Setting aside any pictures, reproduce the data exactly.

Records from a collection:

+++

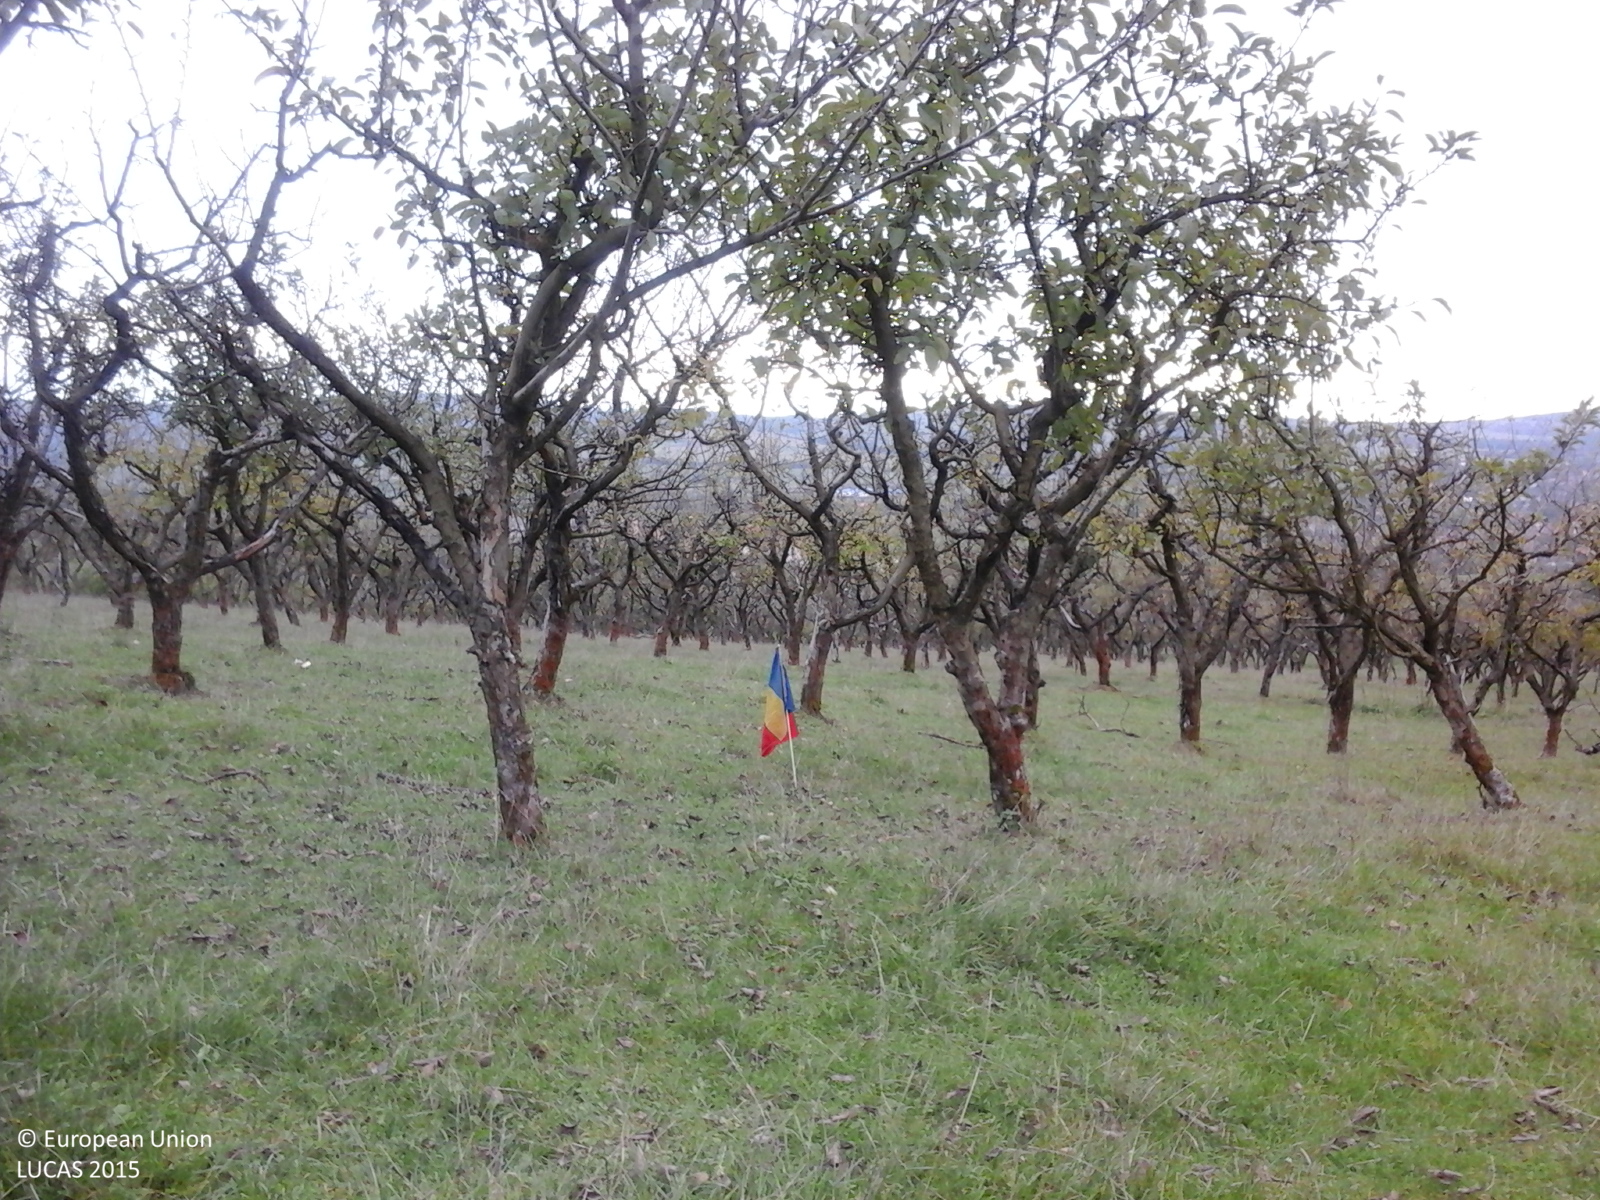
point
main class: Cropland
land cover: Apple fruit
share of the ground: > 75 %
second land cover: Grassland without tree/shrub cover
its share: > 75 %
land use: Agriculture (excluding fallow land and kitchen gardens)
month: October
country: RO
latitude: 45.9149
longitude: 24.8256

+++

§ **Task solution**:
point
main class: Cropland
land cover: Apple fruit
share of the ground: > 75 %
second land cover: Grassland without tree/shrub cover
its share: > 75 %
land use: Agriculture (excluding fallow land and kitchen gardens)
month: October
country: RO
latitude: 45.9149
longitude: 24.8256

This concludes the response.